During the course of the study 3 infants acquired HIV (1 ZDV/dsNVP and 2 HAART) and CMV was detected in 84% of infant plasma by 1 year of age. Comparing the Kaplan-Meier survival curves for CMV DNA, both groups showed similar curves until three months. At three months the curves diverged and the probability of CMV infection was found to be significantly lower in the HAART groups compared to the ZDV/dsNVP arm at six and twelve months of age. The median time to CMV infection also differed between groups with the HAART and ZDV/dsNVP groups being 3.1 and 3 months respectively. In regards to the health of the mother, there was no association between risk of CMV infection and early breast milk viral load, baseline plasma HIV load, or CD4 T cells percent. In sampling the breast milk the researchers found that CMV was present by 1 week postpartum in 72% of women and in 98% of milk samples by 2 weeks. Interestingly, at 1 week there were more frequent and higher levels of CMV DNA found in breast milk from the HAART treated mothers than the ZDV/dsNVP group. Overall CMV viral load peaked at 3-4 weeks then slowly declined, showing slower decline in the HAART group. Contrary to what the researchers thought, HAART treatment lead to higher levels of CMV in breast milk even though the risk for CMV transmission was reduced in this group. Therefore, the researches conclude that HAART does decrease risk of infant CMV transmission however this risk reduction is not mediated through CMV load decrease in breast milk.

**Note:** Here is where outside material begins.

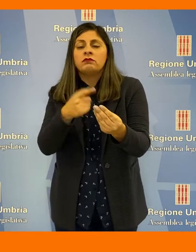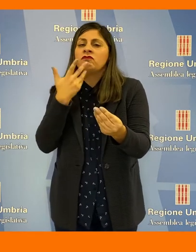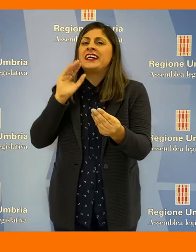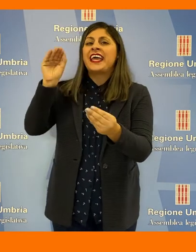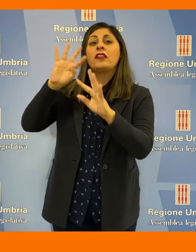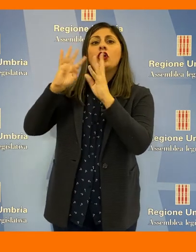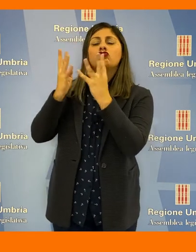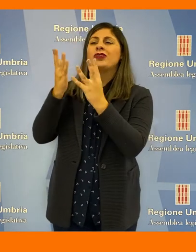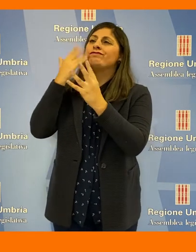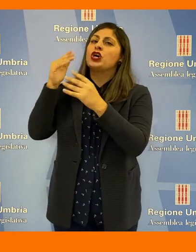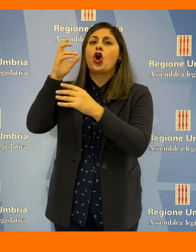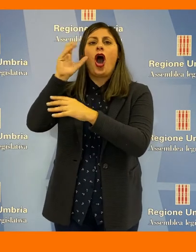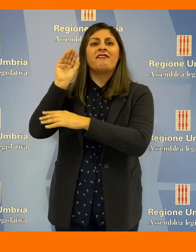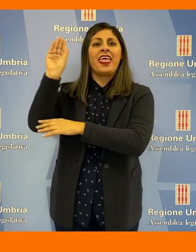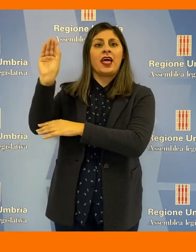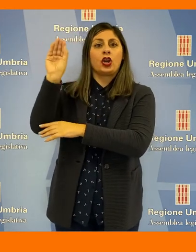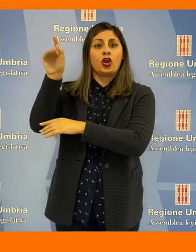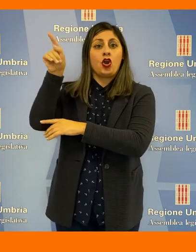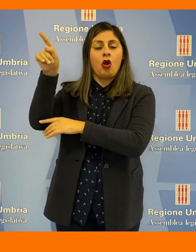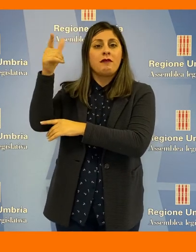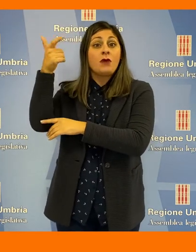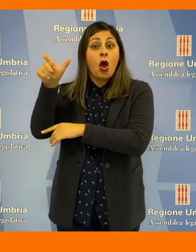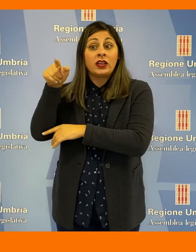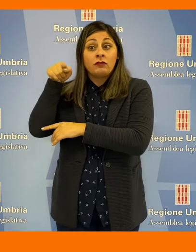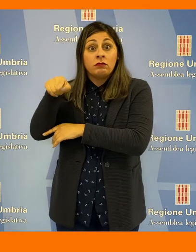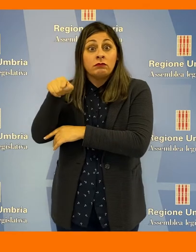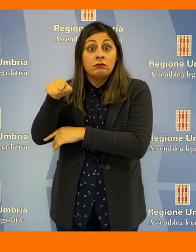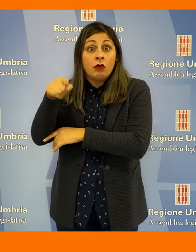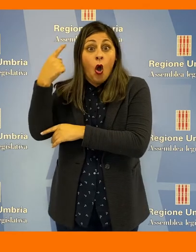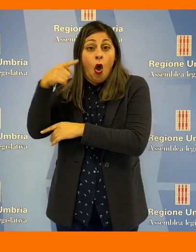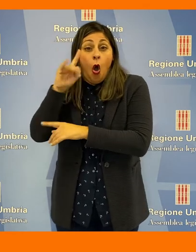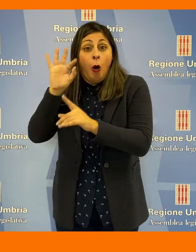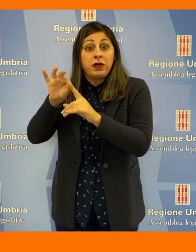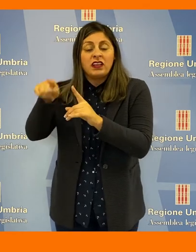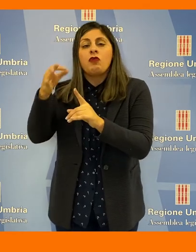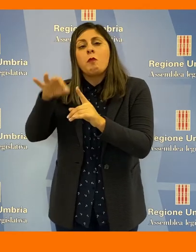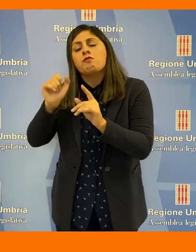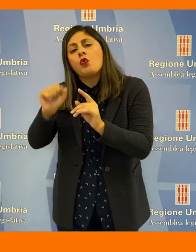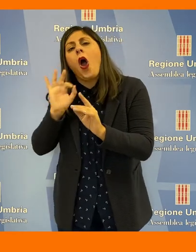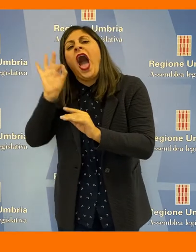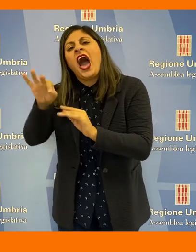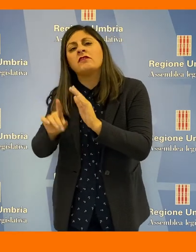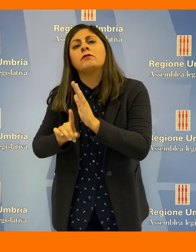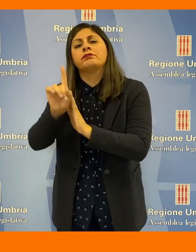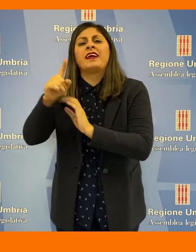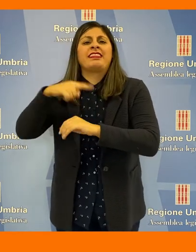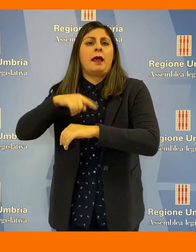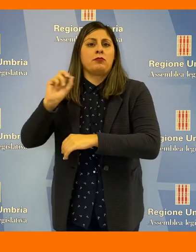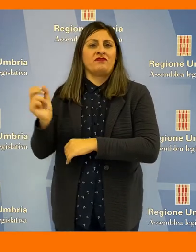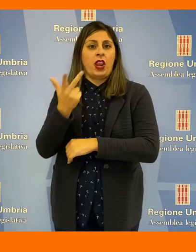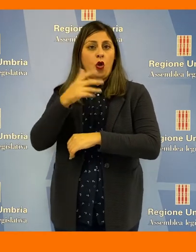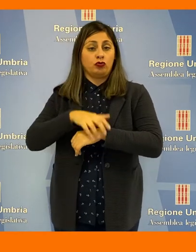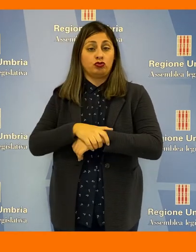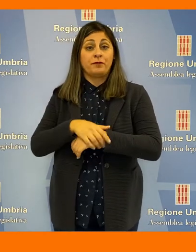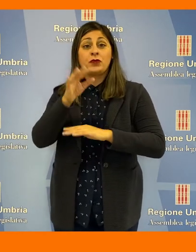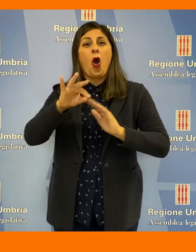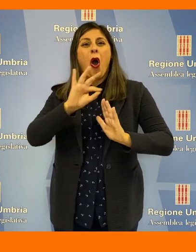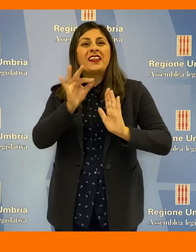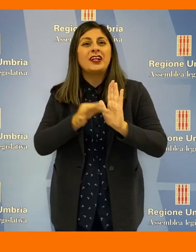con la quale chiedere alla Giunta di intervenire sul governo affinché l'operazione auspicata possa avere buon fine in tempi brevi. All'ordine del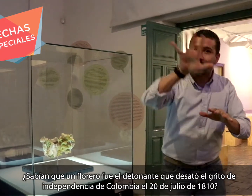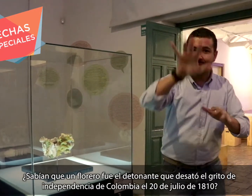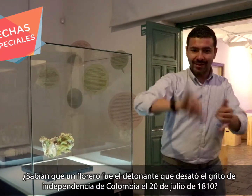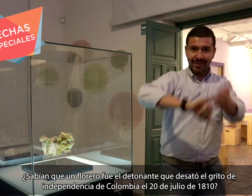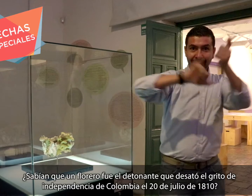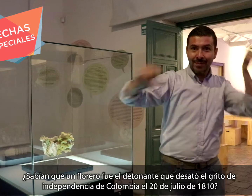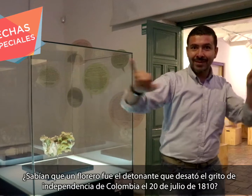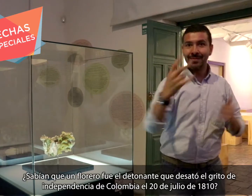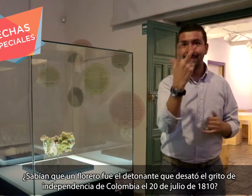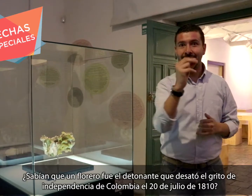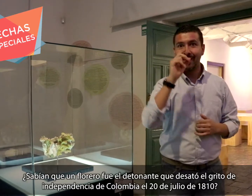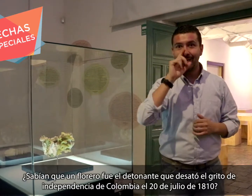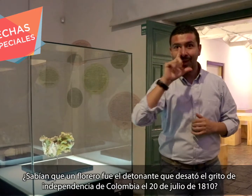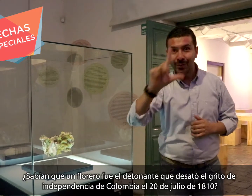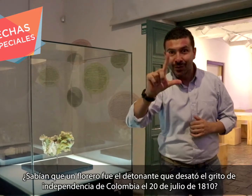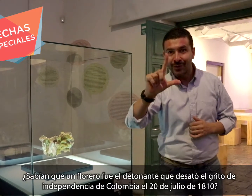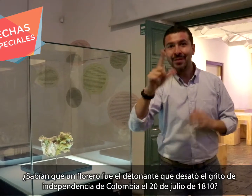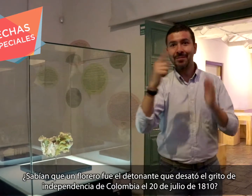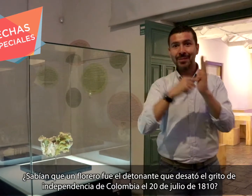20 de julio de 1810?

One of the researchers, Dr. Slyker explained “We were surprised to see an effect on CMV transmission but not on CMV DNA levels in breast milk, which we think is the major mode of CMV transmission in the first year of life. Other groups have also observed this in observational studies. Our next step is to explore maternal and infant immune mechanisms of protection.” The group hypothesizes that CMV load may be increased due to the changes in the inflammatory environment following HAART initiation and that earlier initiation of HAART may reduce this effect. They also hypothesize that maternal immune reconstitution due to HAART could contribute to the lower risk by improving passive transfer of anti-CMV antibodies from the mother to the infant thus reducing risk without affecting breast milk viral levels.
Funding for this study was provided by the National Institutes of Health.
Slyker JA,Richardson BA,Chung M,Atkinson C,Asbjornsdottir KH,Lehman D,Boeckh M,Emery V,Kiarie J,John-Stewart G. (2016). Maternal highly active antiretroviral therapy reduces vertical CMV transmission but does not reduce breast milk CMV levels. AIDS Res Hum Retroviruses.